Exercise description
Without including any images, set down the records below exactly.

Data listing
▬▬▬▬▬▬▬▬▬▬
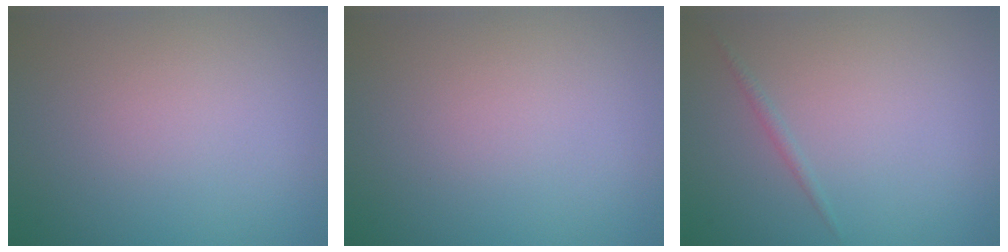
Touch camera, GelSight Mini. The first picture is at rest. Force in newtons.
{"total": 0.0}
{"total": 0.7, "press": 0.7, "slide": 0.0}
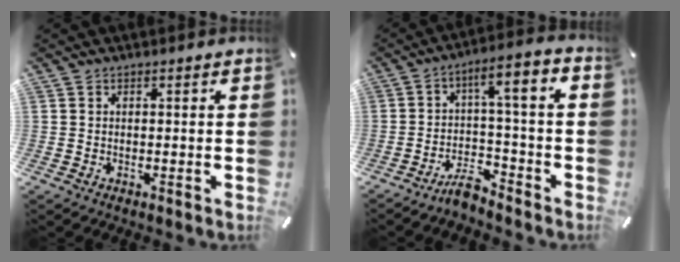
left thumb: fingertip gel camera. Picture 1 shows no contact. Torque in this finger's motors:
{"motor_torque": [0.25, 0.56, 0.20, 0.12, 0.29]}
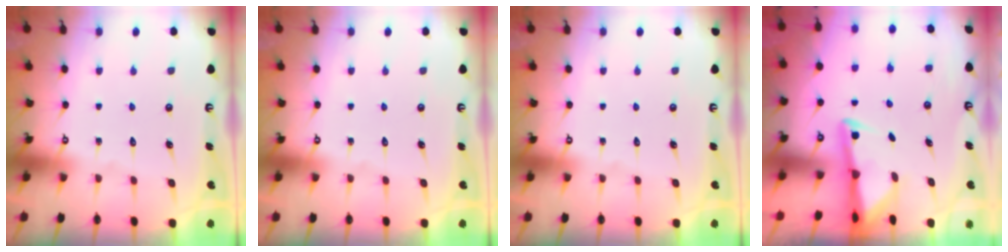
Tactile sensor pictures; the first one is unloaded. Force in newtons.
{"total": 0.0}
{"total": 0.0}
{"total": 2.8, "press": 2.8, "slide": 0.7}
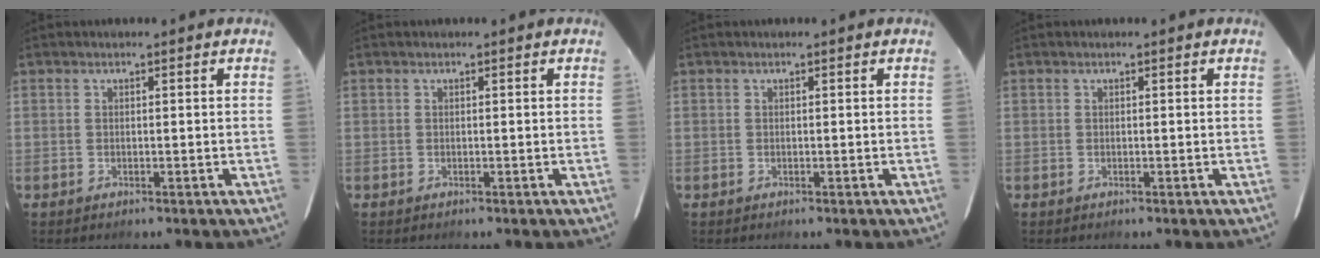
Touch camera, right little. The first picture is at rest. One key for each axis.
{"total": 0.0}
{"total": 0.0}
{"total": 0.0}
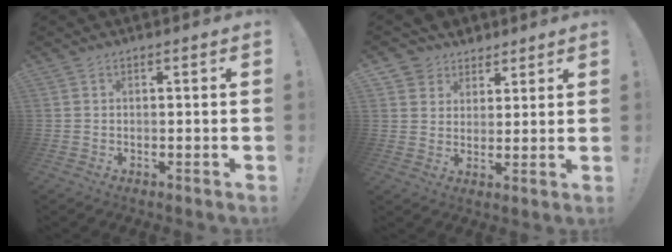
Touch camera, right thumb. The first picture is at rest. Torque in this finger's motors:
{"motor_torque": [0.01, 0.01, 0.27, 0.28, 0.09]}
▬▬▬▬▬▬▬▬▬▬
Response area
Touch camera, GelSight Mini. The first picture is at rest. Force in newtons.
{"total": 0.0}
{"total": 0.7, "press": 0.7, "slide": 0.0}
left thumb: fingertip gel camera. Picture 1 shows no contact. Torque in this finger's motors:
{"motor_torque": [0.25, 0.56, 0.20, 0.12, 0.29]}
Tactile sensor pictures; the first one is unloaded. Force in newtons.
{"total": 0.0}
{"total": 0.0}
{"total": 2.8, "press": 2.8, "slide": 0.7}
Touch camera, right little. The first picture is at rest. One key for each axis.
{"total": 0.0}
{"total": 0.0}
{"total": 0.0}
Touch camera, right thumb. The first picture is at rest. Torque in this finger's motors:
{"motor_torque": [0.01, 0.01, 0.27, 0.28, 0.09]}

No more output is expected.